> **TASK INSTRUCTIONS**
Please return only the lines from the one holding "Q: Is the text italic" through the one holding "Q: Monospaced? A: No.", exactly as they appear in the records below, both ends included.

Top of PROVIDED ENTRIES

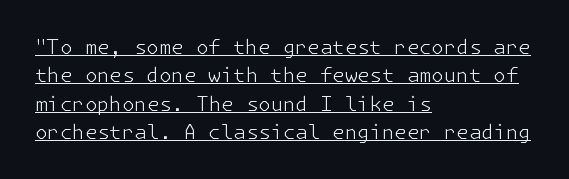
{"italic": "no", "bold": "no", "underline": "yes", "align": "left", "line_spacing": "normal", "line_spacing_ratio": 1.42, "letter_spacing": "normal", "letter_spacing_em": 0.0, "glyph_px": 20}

Bottom of PROVIDED ENTRIES
Top of PROVIDED ENTRIES

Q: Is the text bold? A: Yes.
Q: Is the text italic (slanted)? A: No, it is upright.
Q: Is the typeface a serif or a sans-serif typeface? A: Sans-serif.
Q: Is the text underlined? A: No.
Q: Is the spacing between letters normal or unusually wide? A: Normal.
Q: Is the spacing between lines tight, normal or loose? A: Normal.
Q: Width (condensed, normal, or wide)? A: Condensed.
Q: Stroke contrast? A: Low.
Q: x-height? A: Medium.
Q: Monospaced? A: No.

Bottom of PROVIDED ENTRIES

> **THE COMPLETED TASK**
Q: Is the text italic (slanted)? A: No, it is upright.
Q: Is the typeface a serif or a sans-serif typeface? A: Sans-serif.
Q: Is the text underlined? A: No.
Q: Is the spacing between letters normal or unusually wide? A: Normal.
Q: Is the spacing between lines tight, normal or loose? A: Normal.
Q: Width (condensed, normal, or wide)? A: Condensed.
Q: Stroke contrast? A: Low.
Q: x-height? A: Medium.
Q: Monospaced? A: No.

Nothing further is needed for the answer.